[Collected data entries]
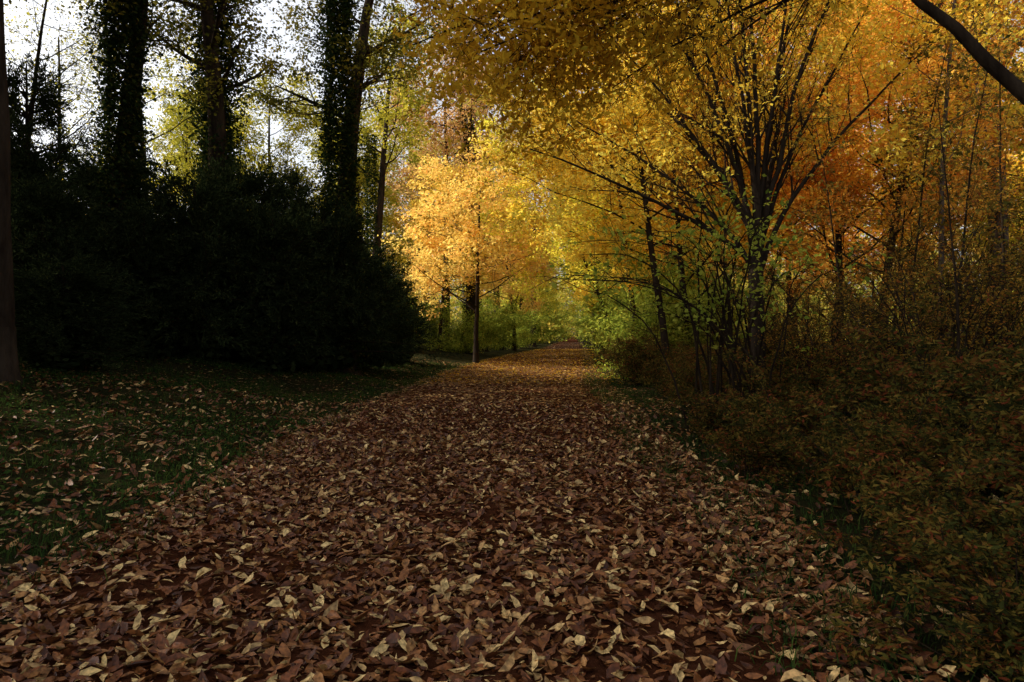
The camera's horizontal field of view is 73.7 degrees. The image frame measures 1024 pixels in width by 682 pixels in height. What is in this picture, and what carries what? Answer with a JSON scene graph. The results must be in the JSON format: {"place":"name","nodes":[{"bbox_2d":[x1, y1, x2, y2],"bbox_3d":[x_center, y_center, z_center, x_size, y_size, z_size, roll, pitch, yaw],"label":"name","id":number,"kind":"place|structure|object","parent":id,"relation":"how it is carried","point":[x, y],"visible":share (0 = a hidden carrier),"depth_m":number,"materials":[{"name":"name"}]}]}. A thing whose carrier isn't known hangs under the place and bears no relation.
{"place":"outdoors","nodes":[
{"label":"outdoors","id":0,"kind":"place"},
{"bbox_2d":[0,337,968,681],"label":"path","id":1,"kind":"structure","parent":0,"point":[598,667],"depth_m":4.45,"materials":[{"name":"brown plant"}]},
{"bbox_2d":[0,334,1023,681],"bbox_3d":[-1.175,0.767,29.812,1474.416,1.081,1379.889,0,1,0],"label":"ground","id":2,"kind":"structure","parent":0,"point":[330,388],"depth_m":8.81,"materials":[{"name":"plant"}]},
{"bbox_2d":[0,0,26,384],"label":"tall tree","id":3,"kind":"object","parent":2,"relation":"on","point":[9,367],"visible":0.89,"depth_m":11.48,"materials":[{"name":"brown plant"}]},
{"bbox_2d":[6,50,124,327],"bbox_3d":[-12.882,-3.538,17.718,4.748,8.300,5.217,0,1,32],"label":"tall yew","id":4,"kind":"object","parent":2,"relation":"on","point":[49,103],"visible":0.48,"depth_m":17.48,"materials":[{"name":"green plant"}]},
{"bbox_2d":[4,0,146,178],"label":"woodland tree","id":5,"kind":"object","parent":2,"relation":"on","point":[39,45],"visible":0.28,"depth_m":21.96,"materials":[{"name":"green plant"}]},
{"bbox_2d":[4,0,147,201],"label":"woodland tree","id":6,"kind":"object","parent":2,"relation":"on","point":[59,56],"visible":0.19,"depth_m":26.32,"materials":[{"name":"green plant"}]},
{"bbox_2d":[11,171,147,356],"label":"yew bush","id":7,"kind":"object","parent":2,"relation":"on","point":[34,210],"visible":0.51,"depth_m":15.55,"materials":[{"name":"green plant"}]},
{"bbox_2d":[11,135,151,346],"bbox_3d":[-12.512,-2.289,17.171,6.050,6.466,6.284,0,1,-29],"label":"yew bush","id":8,"kind":"object","parent":2,"relation":"on","point":[40,173],"visible":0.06,"depth_m":16.82,"materials":[{"name":"green plant"}]},
{"bbox_2d":[13,246,155,375],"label":"yew bush","id":9,"kind":"object","parent":2,"relation":"on","point":[59,327],"visible":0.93,"depth_m":14.28,"materials":[{"name":"green plant"}]},
{"bbox_2d":[51,133,187,343],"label":"yew bush","id":10,"kind":"object","parent":2,"relation":"on","point":[86,172],"visible":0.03,"depth_m":19.71,"materials":[{"name":"green plant"}]},
{"bbox_2d":[31,0,256,215],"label":"woodland tree","id":11,"kind":"object","parent":2,"relation":"on","point":[92,103],"visible":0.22,"depth_m":25.29,"materials":[{"name":"green plant"}]},
{"bbox_2d":[55,0,244,357],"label":"ivy clad tree","id":12,"kind":"object","parent":2,"relation":"on","point":[130,23],"visible":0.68,"depth_m":18.67,"materials":[{"name":"green plant"}]},
{"bbox_2d":[141,36,232,201],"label":"yellow green tree","id":13,"kind":"object","parent":2,"relation":"on","point":[177,120],"visible":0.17,"depth_m":44.94,"materials":[{"name":"green plant"}]},
{"bbox_2d":[96,150,284,366],"bbox_3d":[-8.678,-2.196,19.277,6.050,6.466,6.284,0,1,17],"label":"yew bush","id":14,"kind":"object","parent":2,"relation":"on","point":[195,344],"visible":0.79,"depth_m":18.46,"materials":[{"name":"green plant"}]},
{"bbox_2d":[61,0,323,354],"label":"ivy clad tree","id":15,"kind":"object","parent":2,"relation":"on","point":[215,46],"visible":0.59,"depth_m":21.27,"materials":[{"name":"green plant"}]},
{"bbox_2d":[0,354,458,552],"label":"bank ground cover","id":16,"kind":"object","parent":2,"relation":"on","point":[16,512],"visible":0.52,"depth_m":10.78,"materials":[{"name":"green plant"}]},
{"bbox_2d":[0,356,473,605],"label":"bank leaf litter","id":17,"kind":"object","parent":2,"relation":"on","point":[30,567],"visible":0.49,"depth_m":8.24,"materials":[{"name":"brown plant"}]},
{"bbox_2d":[140,144,346,362],"bbox_3d":[-8.119,-2.687,21.174,5.218,7.318,6.654,1,1,37],"label":"yew bush","id":18,"kind":"object","parent":2,"relation":"on","point":[260,182],"visible":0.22,"depth_m":20.57,"materials":[{"name":"green plant"}]},
{"bbox_2d":[168,193,367,371],"bbox_3d":[-6.817,-1.614,19.720,4.975,5.238,5.638,0,1,6],"label":"yew bush","id":19,"kind":"object","parent":2,"relation":"on","point":[285,273],"visible":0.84,"depth_m":19.39,"materials":[{"name":"green plant"}]},
{"bbox_2d":[230,67,325,208],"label":"yellow green tree","id":20,"kind":"object","parent":2,"relation":"on","point":[295,129],"visible":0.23,"depth_m":42.63,"materials":[{"name":"green plant"}]},
{"bbox_2d":[260,156,320,248],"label":"tall yew","id":21,"kind":"object","parent":2,"relation":"on","point":[296,178],"visible":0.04,"depth_m":23.03,"materials":[{"name":"green plant"}]},
{"bbox_2d":[228,0,478,375],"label":"ivy clad tree","id":22,"kind":"object","parent":2,"relation":"on","point":[340,67],"visible":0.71,"depth_m":22.82,"materials":[{"name":"green plant"}]},
{"bbox_2d":[302,110,410,264],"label":"yellow green tree","id":23,"kind":"object","parent":2,"relation":"on","point":[389,207],"visible":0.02,"depth_m":55.69,"materials":[{"name":"green plant"}]},
{"bbox_2d":[252,174,463,373],"bbox_3d":[-5.821,-2.086,21.769,7.249,6.412,5.271,0,1,26],"label":"yew bush","id":24,"kind":"object","parent":2,"relation":"on","point":[344,237],"visible":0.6,"depth_m":21.38,"materials":[{"name":"green plant"}]},
{"bbox_2d":[295,93,424,291],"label":"yellow green tree","id":25,"kind":"object","parent":2,"relation":"on","point":[387,219],"visible":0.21,"depth_m":44.12,"materials":[{"name":"green plant"}]},
{"bbox_2d":[317,227,428,376],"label":"yew bush","id":26,"kind":"object","parent":2,"relation":"on","point":[374,358],"visible":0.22,"depth_m":24.78,"materials":[{"name":"green plant"}]},
{"bbox_2d":[319,0,446,259],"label":"ivy clad tree","id":27,"kind":"object","parent":2,"relation":"on","point":[377,215],"visible":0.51,"depth_m":38.45,"materials":[{"name":"green plant"}]},
{"bbox_2d":[374,264,445,368],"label":"yew bush","id":28,"kind":"object","parent":2,"relation":"on","point":[409,334],"visible":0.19,"depth_m":27.80,"materials":[{"name":"green plant"}]},
{"bbox_2d":[369,82,454,306],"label":"rust leaved tree","id":29,"kind":"object","parent":2,"relation":"on","point":[405,153],"visible":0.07,"depth_m":75.55,"materials":[{"name":"orange plant"}]},
{"bbox_2d":[377,128,465,343],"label":"yellow green tree","id":30,"kind":"object","parent":2,"relation":"on","point":[389,203],"visible":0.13,"depth_m":57.84,"materials":[{"name":"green plant"}]},
{"bbox_2d":[411,291,459,346],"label":"light green shrub","id":31,"kind":"object","parent":2,"relation":"on","point":[434,321],"visible":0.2,"depth_m":47.47,"materials":[{"name":"green plant"}]},
{"bbox_2d":[370,36,513,348],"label":"rust leaved tree","id":32,"kind":"object","parent":2,"relation":"on","point":[446,151],"visible":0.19,"depth_m":48.31,"materials":[{"name":"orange plant"}]},
{"bbox_2d":[381,154,506,349],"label":"golden tree","id":33,"kind":"object","parent":2,"relation":"on","point":[400,223],"visible":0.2,"depth_m":44.95,"materials":[{"name":"yellow plant"}]},
{"bbox_2d":[393,0,527,354],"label":"ivy clad tree","id":34,"kind":"object","parent":2,"relation":"on","point":[471,298],"visible":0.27,"depth_m":46.58,"materials":[{"name":"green plant"}]},
{"bbox_2d":[427,299,501,355],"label":"light green shrub","id":35,"kind":"object","parent":2,"relation":"on","point":[461,341],"visible":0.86,"depth_m":45.16,"materials":[{"name":"green plant"}]},
{"bbox_2d":[377,132,567,362],"bbox_3d":[-1.658,-4.580,35.323,9.773,11.902,9.161,0,1,0],"label":"golden tree","id":36,"kind":"object","parent":2,"relation":"on","point":[425,258],"visible":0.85,"depth_m":34.35,"materials":[{"name":"yellow plant"}]},
{"bbox_2d":[450,294,523,351],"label":"light green shrub","id":37,"kind":"object","parent":2,"relation":"on","point":[496,321],"visible":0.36,"depth_m":51.49,"materials":[{"name":"green plant"}]},
{"bbox_2d":[428,68,555,345],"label":"rust leaved tree","id":38,"kind":"object","parent":2,"relation":"on","point":[502,180],"visible":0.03,"depth_m":63.07,"materials":[{"name":"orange plant"}]},
{"bbox_2d":[479,290,538,349],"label":"light green shrub","id":39,"kind":"object","parent":2,"relation":"on","point":[508,328],"visible":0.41,"depth_m":58.50,"materials":[{"name":"green plant"}]},
{"bbox_2d":[477,205,548,350],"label":"orange leaved tree","id":40,"kind":"object","parent":2,"relation":"on","point":[527,302],"visible":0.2,"depth_m":59.68,"materials":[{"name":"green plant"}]},
{"bbox_2d":[420,349,629,383],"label":"golden leaf litter","id":41,"kind":"object","parent":2,"relation":"on","point":[530,366],"visible":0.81,"depth_m":31.41,"materials":[{"name":"brown plant"}]},
{"bbox_2d":[487,227,562,345],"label":"golden tree","id":42,"kind":"object","parent":2,"relation":"on","point":[548,301],"visible":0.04,"depth_m":76.32,"materials":[{"name":"yellow plant"}]},
{"bbox_2d":[492,295,558,347],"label":"light green shrub","id":43,"kind":"object","parent":2,"relation":"on","point":[531,337],"visible":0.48,"depth_m":66.63,"materials":[{"name":"green plant"}]},
{"bbox_2d":[46,150,1021,344],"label":"distant woodland","id":44,"kind":"object","parent":2,"relation":"on","point":[563,308],"visible":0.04,"depth_m":97.08,"materials":[{"name":"green plant"}]},
{"bbox_2d":[468,68,659,336],"bbox_3d":[2.322,-6.442,34.334,9.723,15.649,9.698,0,1,0],"label":"golden tree","id":45,"kind":"object","parent":2,"relation":"on","point":[518,288],"visible":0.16,"depth_m":34.38,"materials":[{"name":"yellow plant"}]},
{"bbox_2d":[533,125,659,349],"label":"golden tree","id":46,"kind":"object","parent":2,"relation":"on","point":[577,264],"visible":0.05,"depth_m":39.50,"materials":[{"name":"yellow plant"}]},
{"bbox_2d":[488,1,739,334],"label":"golden tree","id":47,"kind":"object","parent":2,"relation":"on","point":[547,230],"visible":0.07,"depth_m":25.43,"materials":[{"name":"yellow plant"}]},
{"bbox_2d":[533,12,735,300],"bbox_3d":[5.714,-6.454,29.772,9.901,15.699,9.070,0,1,-27],"label":"golden tree","id":48,"kind":"object","parent":2,"relation":"on","point":[580,265],"visible":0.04,"depth_m":29.52,"materials":[{"name":"yellow plant"}]},
{"bbox_2d":[576,259,694,355],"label":"light green shrub","id":49,"kind":"object","parent":2,"relation":"on","point":[595,327],"visible":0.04,"depth_m":32.71,"materials":[{"name":"green plant"}]},
{"bbox_2d":[590,333,682,385],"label":"dark shrub","id":50,"kind":"object","parent":2,"relation":"on","point":[631,360],"visible":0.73,"depth_m":20.28,"materials":[{"name":"green plant"}]},
{"bbox_2d":[583,257,718,356],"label":"light green shrub","id":51,"kind":"object","parent":2,"relation":"on","point":[602,325],"visible":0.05,"depth_m":28.14,"materials":[{"name":"green plant"}]},
{"bbox_2d":[449,0,869,362],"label":"golden tree","id":52,"kind":"object","parent":2,"relation":"on","point":[559,167],"visible":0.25,"depth_m":19.48,"materials":[{"name":"yellow plant"}]},
{"bbox_2d":[586,247,749,379],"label":"light green shrub","id":53,"kind":"object","parent":2,"relation":"on","point":[676,331],"visible":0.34,"depth_m":22.19,"materials":[{"name":"green plant"}]},
{"bbox_2d":[519,0,821,356],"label":"golden tree","id":54,"kind":"object","parent":2,"relation":"on","point":[588,247],"visible":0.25,"depth_m":21.27,"materials":[{"name":"yellow plant"}]},
{"bbox_2d":[600,241,748,362],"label":"light green shrub","id":55,"kind":"object","parent":2,"relation":"on","point":[645,293],"visible":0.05,"depth_m":25.51,"materials":[{"name":"green plant"}]},
{"bbox_2d":[639,322,723,395],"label":"dark shrub","id":56,"kind":"object","parent":2,"relation":"on","point":[657,356],"visible":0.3,"depth_m":17.42,"materials":[{"name":"green plant"}]},
{"bbox_2d":[629,349,747,413],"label":"shrub","id":57,"kind":"object","parent":2,"relation":"on","point":[682,385],"visible":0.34,"depth_m":12.73,"materials":[{"name":"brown plant"}]},
{"bbox_2d":[656,359,726,403],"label":"dark shrub","id":58,"kind":"object","parent":2,"relation":"on","point":[669,393],"visible":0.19,"depth_m":14.06,"materials":[{"name":"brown plant"}]},
{"bbox_2d":[374,0,1023,500],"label":"overhanging tree","id":59,"kind":"object","parent":2,"relation":"on","point":[594,24],"visible":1,"depth_m":7.94,"materials":[{"name":"yellow plant"}]},
{"bbox_2d":[526,149,893,432],"bbox_3d":[2.767,-0.701,11.119,5.649,4.564,3.829,0,1,-10],"label":"arching shrub","id":60,"kind":"object","parent":2,"relation":"on","point":[728,339],"visible":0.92,"depth_m":10.97,"materials":[{"name":"green plant"}]},
{"bbox_2d":[658,380,773,439],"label":"shrub","id":61,"kind":"object","parent":2,"relation":"on","point":[710,415],"visible":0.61,"depth_m":10.40,"materials":[{"name":"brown plant"}]},
{"bbox_2d":[445,0,987,402],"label":"golden tree","id":62,"kind":"object","parent":2,"relation":"on","point":[758,185],"visible":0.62,"depth_m":14.21,"materials":[{"name":"yellow plant"}]},
{"bbox_2d":[664,341,770,399],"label":"dark shrub","id":63,"kind":"object","parent":2,"relation":"on","point":[726,363],"visible":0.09,"depth_m":15.27,"materials":[{"name":"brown plant"}]},
{"bbox_2d":[700,305,793,381],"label":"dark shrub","id":64,"kind":"object","parent":2,"relation":"on","point":[767,353],"visible":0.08,"depth_m":18.36,"materials":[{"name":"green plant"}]},
{"bbox_2d":[665,346,861,455],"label":"shrub","id":65,"kind":"object","parent":2,"relation":"on","point":[791,406],"visible":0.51,"depth_m":8.62,"materials":[{"name":"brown plant"}]},
{"bbox_2d":[701,396,842,486],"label":"shrub","id":66,"kind":"object","parent":2,"relation":"on","point":[769,456],"visible":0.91,"depth_m":7.16,"materials":[{"name":"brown plant"}]},
{"bbox_2d":[633,0,928,344],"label":"golden tree","id":67,"kind":"object","parent":2,"relation":"on","point":[783,221],"visible":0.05,"depth_m":22.79,"materials":[{"name":"yellow plant"}]},
{"bbox_2d":[719,249,845,378],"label":"thicket shrub","id":68,"kind":"object","parent":2,"relation":"on","point":[777,303],"visible":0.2,"depth_m":20.15,"materials":[{"name":"green plant"}]},
{"bbox_2d":[722,350,849,419],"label":"shrub","id":69,"kind":"object","parent":2,"relation":"on","point":[789,381],"visible":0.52,"depth_m":11.00,"materials":[{"name":"brown plant"}]},
{"bbox_2d":[722,88,858,347],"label":"orange leaved tree","id":70,"kind":"object","parent":2,"relation":"on","point":[789,277],"visible":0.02,"depth_m":42.98,"materials":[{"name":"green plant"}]},
{"bbox_2d":[585,367,1023,681],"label":"undergrowth leaf litter","id":71,"kind":"object","parent":2,"relation":"on","point":[918,662],"visible":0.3,"depth_m":4.78,"materials":[{"name":"brown plant"}]},
{"bbox_2d":[735,265,893,416],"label":"thicket shrub","id":72,"kind":"object","parent":2,"relation":"on","point":[775,342],"visible":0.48,"depth_m":12.07,"materials":[{"name":"brown plant"}]},
{"bbox_2d":[731,249,902,388],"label":"thicket shrub","id":73,"kind":"object","parent":2,"relation":"on","point":[798,339],"visible":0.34,"depth_m":16.55,"materials":[{"name":"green plant"}]},
{"bbox_2d":[774,98,889,417],"bbox_3d":[5.910,-1.549,12.646,1.881,6.223,1.809,0,1,-4],"label":"sapling","id":74,"kind":"object","parent":2,"relation":"on","point":[839,283],"visible":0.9,"depth_m":12.56,"materials":[{"name":"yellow plant"}]},
{"bbox_2d":[718,90,961,351],"bbox_3d":[15.752,-5.465,33.087,10.832,13.600,11.662,0,1,-27],"label":"golden tree","id":75,"kind":"object","parent":2,"relation":"on","point":[856,232],"visible":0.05,"depth_m":32.44,"materials":[{"name":"orange plant"}]},
{"bbox_2d":[763,393,953,489],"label":"shrub","id":76,"kind":"object","parent":2,"relation":"on","point":[897,406],"visible":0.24,"depth_m":6.58,"materials":[{"name":"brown plant"}]},
{"bbox_2d":[729,2,996,365],"bbox_3d":[12.182,-7.566,26.508,11.004,18.014,10.401,0,1,15],"label":"golden tree","id":77,"kind":"object","parent":2,"relation":"on","point":[838,246],"visible":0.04,"depth_m":26.09,"materials":[{"name":"yellow plant"}]},
{"bbox_2d":[789,208,979,375],"bbox_3d":[10.062,-1.083,17.698,4.978,4.941,4.252,0,1,-9],"label":"thicket shrub","id":78,"kind":"object","parent":2,"relation":"on","point":[870,331],"visible":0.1,"depth_m":17.60,"materials":[{"name":"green plant"}]},
{"bbox_2d":[750,0,1023,367],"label":"golden tree","id":79,"kind":"object","parent":2,"relation":"on","point":[850,178],"visible":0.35,"depth_m":18.18,"materials":[{"name":"orange plant"}]},
{"bbox_2d":[775,364,1007,518],"bbox_3d":[3.131,0.854,5.842,1.751,1.320,1.870,0,1,9],"label":"shrub","id":80,"kind":"object","parent":2,"relation":"on","point":[881,439],"visible":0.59,"depth_m":5.59,"materials":[{"name":"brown plant"}]},
{"bbox_2d":[811,342,972,423],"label":"shrub","id":81,"kind":"object","parent":2,"relation":"on","point":[845,352],"visible":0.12,"depth_m":10.53,"materials":[{"name":"brown plant"}]},
{"bbox_2d":[794,217,1023,407],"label":"thicket shrub","id":82,"kind":"object","parent":2,"relation":"on","point":[920,326],"visible":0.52,"depth_m":10.36,"materials":[{"name":"brown plant"}]},
{"bbox_2d":[798,323,1023,452],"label":"shrub","id":83,"kind":"object","parent":2,"relation":"on","point":[876,390],"visible":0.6,"depth_m":8.33,"materials":[{"name":"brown plant"}]},
{"bbox_2d":[800,449,1023,594],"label":"shrub","id":84,"kind":"object","parent":2,"relation":"on","point":[892,492],"visible":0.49,"depth_m":4.33,"materials":[{"name":"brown plant"}]},
{"bbox_2d":[807,182,1023,408],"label":"thicket shrub","id":85,"kind":"object","parent":2,"relation":"on","point":[931,292],"visible":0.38,"depth_m":12.01,"materials":[{"name":"brown plant"}]},
{"bbox_2d":[808,489,1023,681],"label":"shrub","id":86,"kind":"object","parent":2,"relation":"on","point":[1005,640],"visible":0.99,"depth_m":3.36,"materials":[{"name":"green plant"}]},
{"bbox_2d":[864,63,969,364],"bbox_3d":[9.964,-2.651,17.027,2.744,8.335,2.155,0,1,-27],"label":"sapling","id":87,"kind":"object","parent":2,"relation":"on","point":[899,182],"visible":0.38,"depth_m":16.88,"materials":[{"name":"orange plant"}]},
{"bbox_2d":[818,0,1023,353],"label":"slender tree","id":88,"kind":"object","parent":2,"relation":"on","point":[897,54],"visible":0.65,"depth_m":14.24,"materials":[{"name":"orange plant"}]},
{"bbox_2d":[839,0,1023,309],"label":"grey barked tree","id":89,"kind":"object","parent":2,"relation":"on","point":[985,94],"visible":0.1,"depth_m":18.85,"materials":[{"name":"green plant"}]},
{"bbox_2d":[840,297,1023,427],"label":"shrub","id":90,"kind":"object","parent":2,"relation":"on","point":[918,306],"visible":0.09,"depth_m":9.90,"materials":[{"name":"brown plant"}]},
{"bbox_2d":[849,361,1023,499],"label":"shrub","id":91,"kind":"object","parent":2,"relation":"on","point":[1000,436],"visible":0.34,"depth_m":6.60,"materials":[{"name":"brown plant"}]},
{"bbox_2d":[868,0,1021,356],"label":"sapling","id":92,"kind":"object","parent":2,"relation":"on","point":[926,54],"visible":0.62,"depth_m":13.70,"materials":[{"name":"orange plant"}]},
{"bbox_2d":[869,197,1023,359],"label":"thicket shrub","id":93,"kind":"object","parent":2,"relation":"on","point":[1006,247],"visible":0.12,"depth_m":15.43,"materials":[{"name":"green plant"}]},
{"bbox_2d":[882,63,1022,431],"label":"sapling","id":94,"kind":"object","parent":2,"relation":"on","point":[945,171],"visible":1,"depth_m":9.58,"materials":[{"name":"orange plant"}]},
{"bbox_2d":[883,205,1023,365],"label":"thicket shrub","id":95,"kind":"object","parent":2,"relation":"on","point":[1019,299],"visible":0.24,"depth_m":13.51,"materials":[{"name":"brown plant"}]},
{"bbox_2d":[889,2,1023,285],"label":"golden tree","id":96,"kind":"object","parent":2,"relation":"on","point":[1019,177],"visible":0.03,"depth_m":22.74,"materials":[{"name":"orange plant"}]},
{"bbox_2d":[900,0,1023,352],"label":"sapling","id":97,"kind":"object","parent":2,"relation":"on","point":[980,163],"visible":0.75,"depth_m":10.70,"materials":[{"name":"orange plant"}]},
{"bbox_2d":[913,190,1023,348],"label":"thicket shrub","id":98,"kind":"object","parent":2,"relation":"on","point":[994,227],"visible":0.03,"depth_m":18.20,"materials":[{"name":"brown plant"}]},
{"bbox_2d":[926,0,1023,346],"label":"sapling","id":99,"kind":"object","parent":2,"relation":"on","point":[1000,163],"visible":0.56,"depth_m":11.73,"materials":[{"name":"orange plant"}]},
{"bbox_2d":[936,374,1023,514],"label":"shrub","id":100,"kind":"object","parent":2,"relation":"on","point":[1014,469],"visible":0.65,"depth_m":4.93,"materials":[{"name":"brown plant"}]},
{"bbox_2d":[959,343,1023,445],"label":"shrub","id":101,"kind":"object","parent":2,"relation":"on","point":[1011,348],"visible":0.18,"depth_m":7.59,"materials":[{"name":"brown plant"}]},
{"bbox_2d":[966,204,1023,319],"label":"thicket shrub","id":102,"kind":"object","parent":2,"relation":"on","point":[1014,286],"visible":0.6,"depth_m":12.05,"materials":[{"name":"brown plant"}]},
{"bbox_2d":[3,0,1023,332],"label":"sky","id":103,"kind":"structure","parent":0,"point":[269,16],"materials":[{"name":"white"}]},
{"bbox_2d":[577,372,1023,681],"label":"verge grass","id":104,"kind":"structure","parent":0,"point":[792,664],"depth_m":5.25,"materials":[{"name":"green plant"}]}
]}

THE TASK: Go line by line through the data and copy any that contain "leaved".

WRITTEN ANSWER:
{"bbox_2d":[369,82,454,306],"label":"rust leaved tree","id":29,"kind":"object","parent":2,"relation":"on","point":[405,153],"visible":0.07,"depth_m":75.55,"materials":[{"name":"orange plant"}]},
{"bbox_2d":[370,36,513,348],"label":"rust leaved tree","id":32,"kind":"object","parent":2,"relation":"on","point":[446,151],"visible":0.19,"depth_m":48.31,"materials":[{"name":"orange plant"}]},
{"bbox_2d":[428,68,555,345],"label":"rust leaved tree","id":38,"kind":"object","parent":2,"relation":"on","point":[502,180],"visible":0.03,"depth_m":63.07,"materials":[{"name":"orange plant"}]},
{"bbox_2d":[477,205,548,350],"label":"orange leaved tree","id":40,"kind":"object","parent":2,"relation":"on","point":[527,302],"visible":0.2,"depth_m":59.68,"materials":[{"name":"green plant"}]},
{"bbox_2d":[722,88,858,347],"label":"orange leaved tree","id":70,"kind":"object","parent":2,"relation":"on","point":[789,277],"visible":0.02,"depth_m":42.98,"materials":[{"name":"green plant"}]},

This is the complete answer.